• _TO DO_:
Return the listing below exactly as it stands. Pictures stay out.

*** DATASET CONTENT Section Begins ***

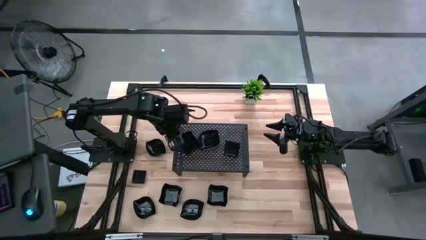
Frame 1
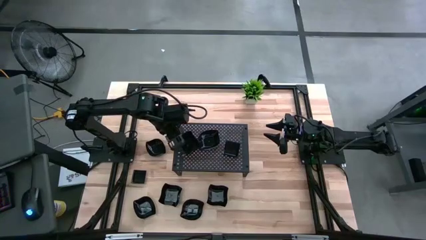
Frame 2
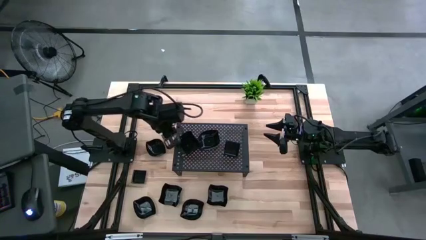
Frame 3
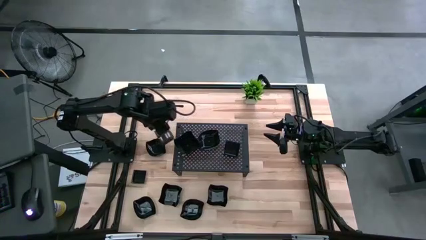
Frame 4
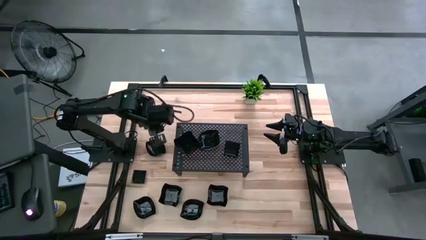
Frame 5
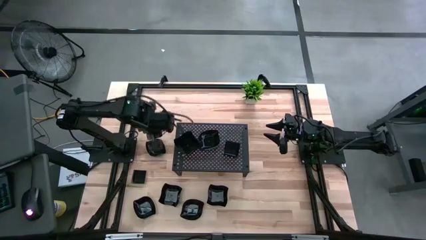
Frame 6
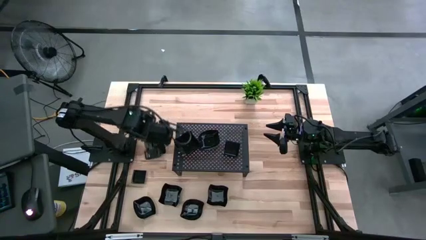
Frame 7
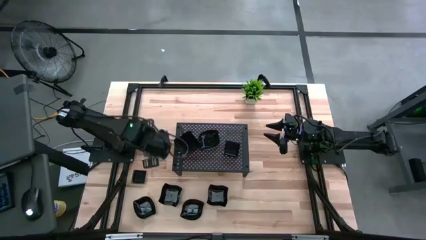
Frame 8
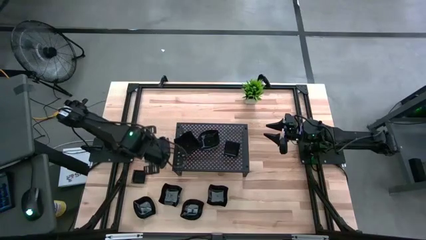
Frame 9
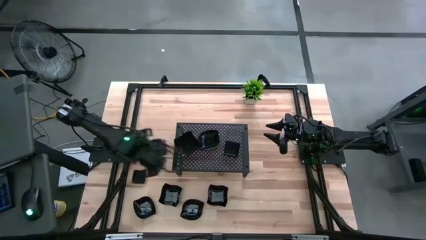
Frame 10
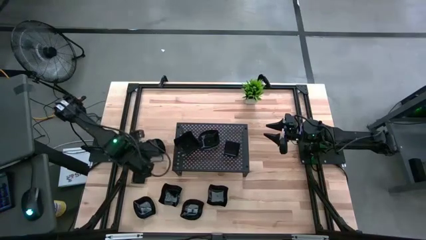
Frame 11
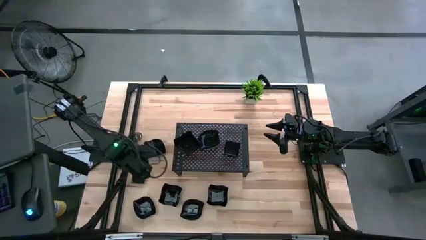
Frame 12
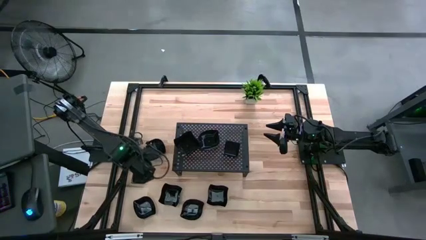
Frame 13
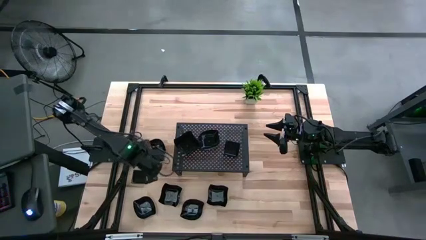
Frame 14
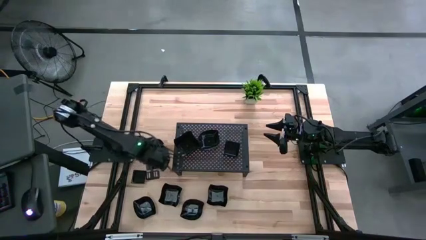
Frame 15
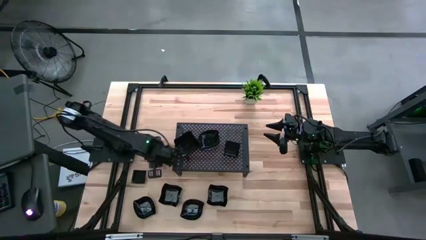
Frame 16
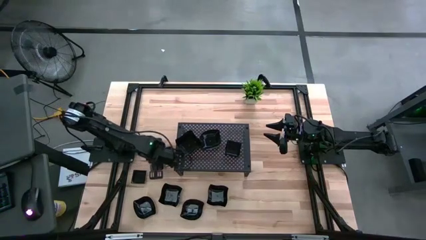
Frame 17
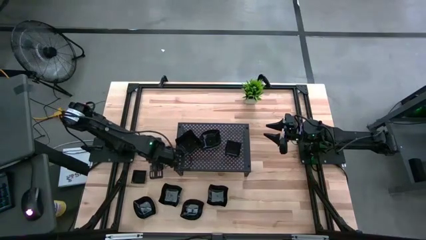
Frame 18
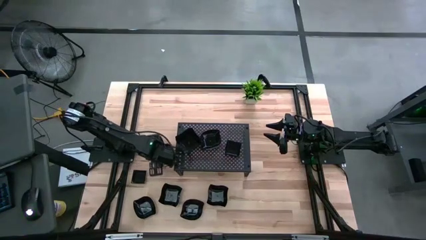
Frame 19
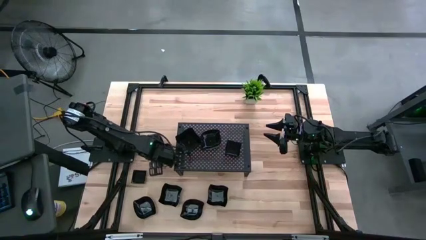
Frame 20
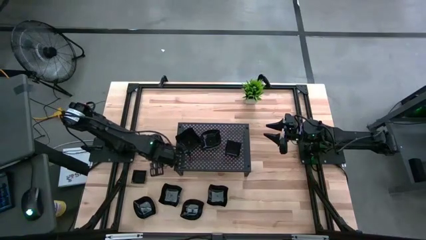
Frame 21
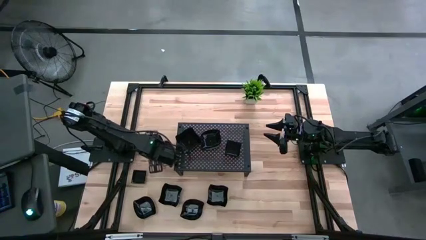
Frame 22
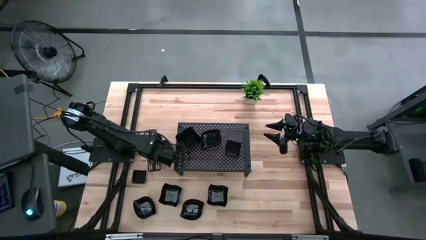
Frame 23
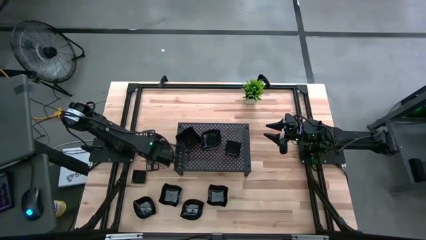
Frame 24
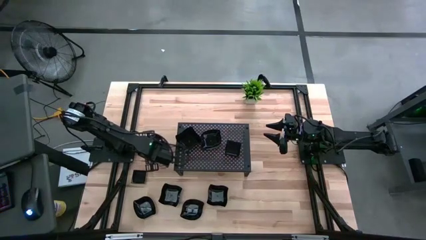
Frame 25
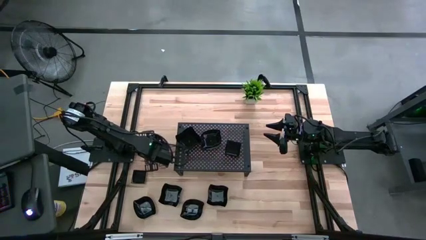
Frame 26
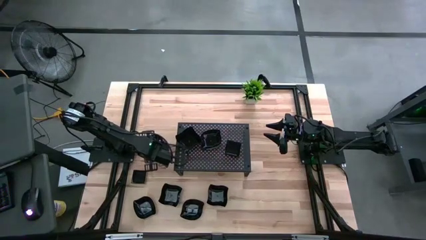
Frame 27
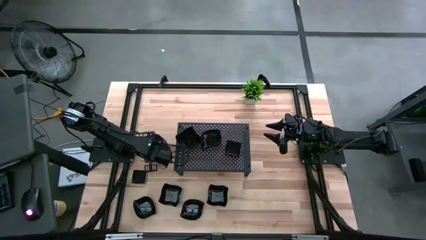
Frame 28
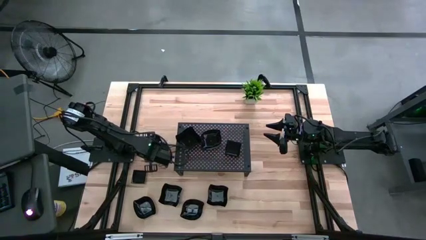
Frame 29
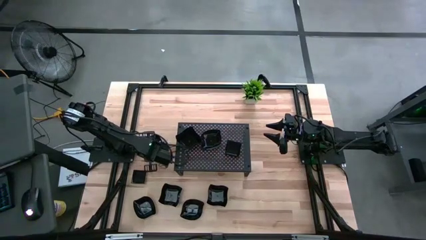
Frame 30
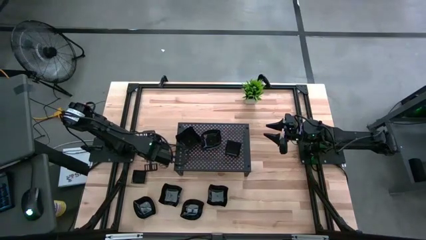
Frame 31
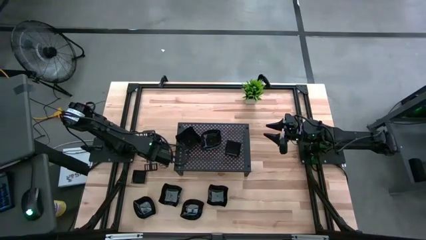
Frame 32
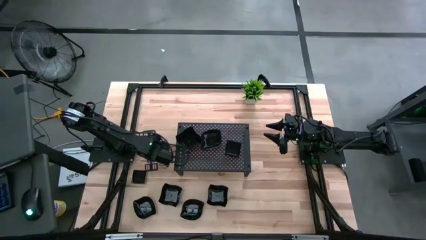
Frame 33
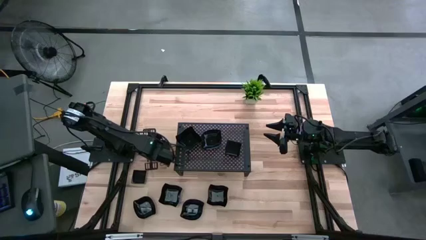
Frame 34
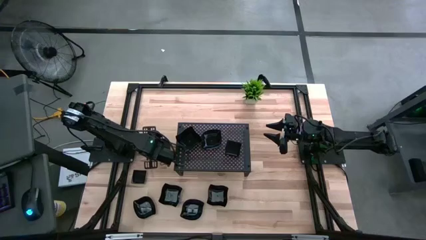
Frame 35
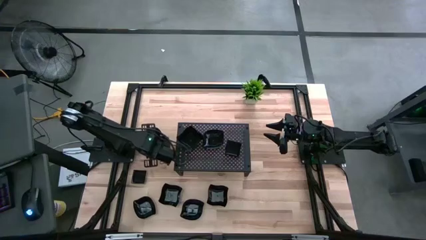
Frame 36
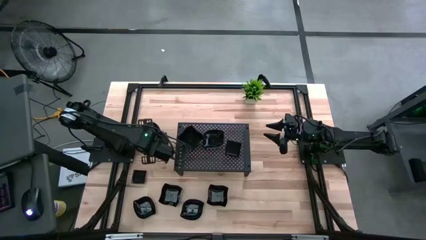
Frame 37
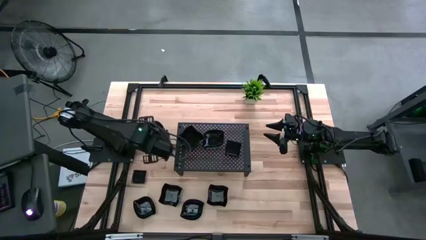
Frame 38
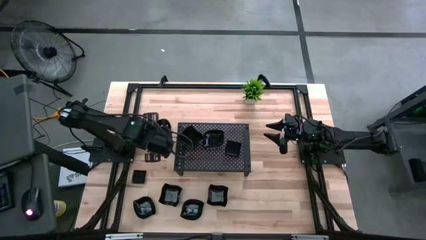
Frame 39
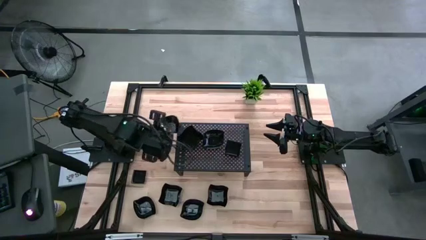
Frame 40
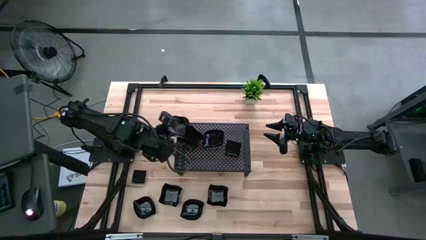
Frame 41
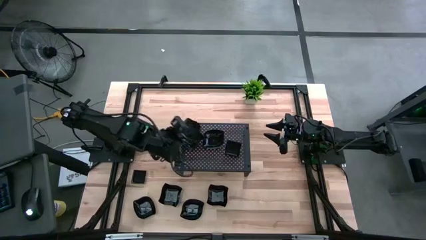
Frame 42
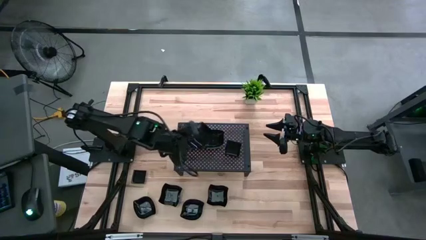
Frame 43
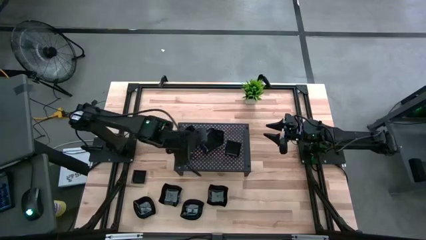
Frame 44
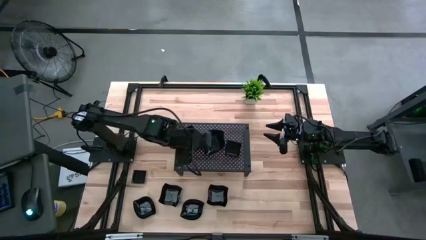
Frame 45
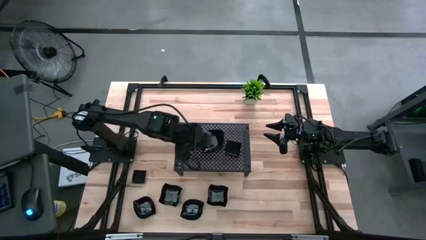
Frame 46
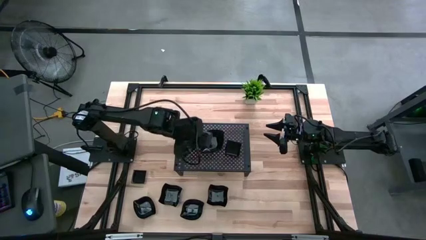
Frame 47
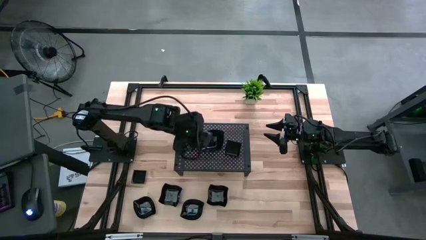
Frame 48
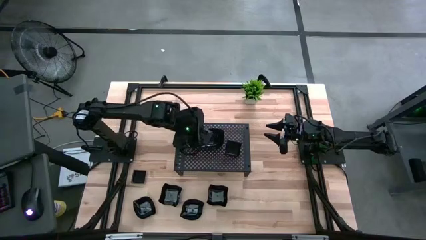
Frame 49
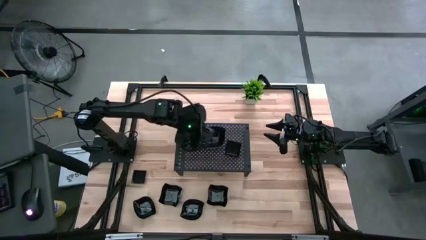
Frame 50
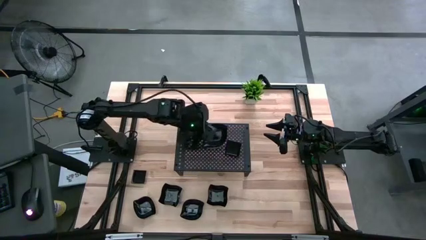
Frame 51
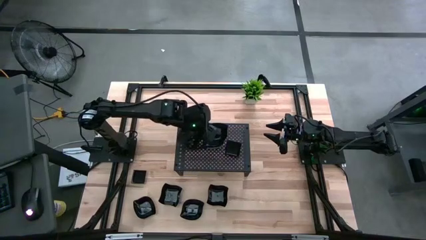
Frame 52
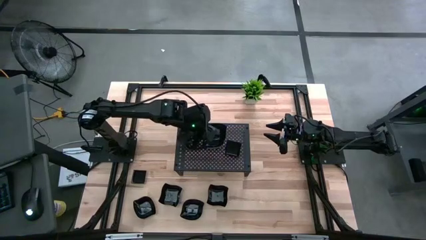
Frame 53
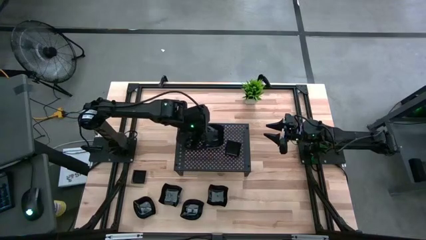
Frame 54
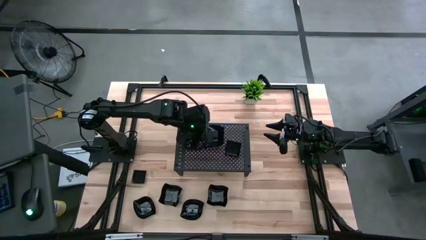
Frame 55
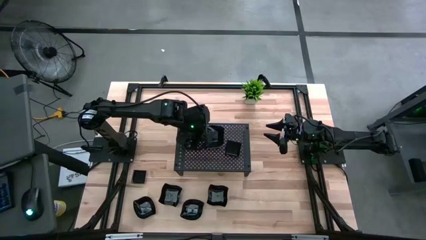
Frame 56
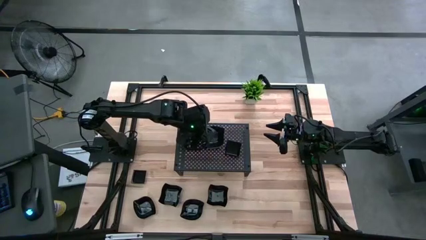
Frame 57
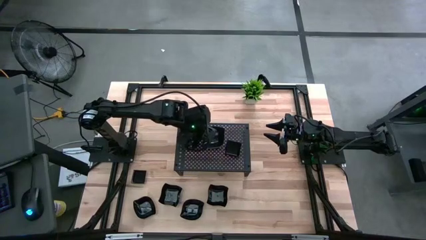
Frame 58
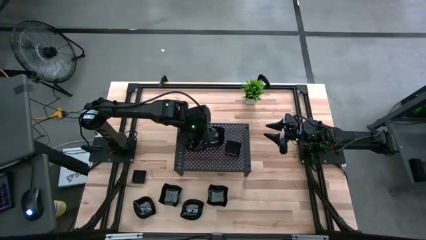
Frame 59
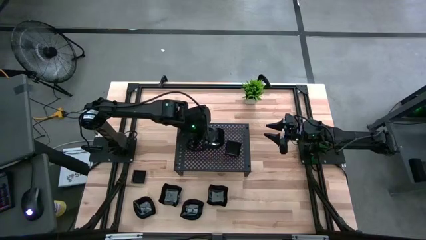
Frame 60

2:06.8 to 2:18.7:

*** DATASET CONTENT Section Ends ***

• _REPLY_:
Frame 1
Frame 2
Frame 3
Frame 4
Frame 5
Frame 6
Frame 7
Frame 8
Frame 9
Frame 10
Frame 11
Frame 12
Frame 13
Frame 14
Frame 15
Frame 16
Frame 17
Frame 18
Frame 19
Frame 20
Frame 21
Frame 22
Frame 23
Frame 24
Frame 25
Frame 26
Frame 27
Frame 28
Frame 29
Frame 30
Frame 31
Frame 32
Frame 33
Frame 34
Frame 35
Frame 36
Frame 37
Frame 38
Frame 39
Frame 40
Frame 41
Frame 42
Frame 43
Frame 44
Frame 45
Frame 46
Frame 47
Frame 48
Frame 49
Frame 50
Frame 51
Frame 52
Frame 53
Frame 54
Frame 55
Frame 56
Frame 57
Frame 58
Frame 59
Frame 60

2:06.8 to 2:18.7:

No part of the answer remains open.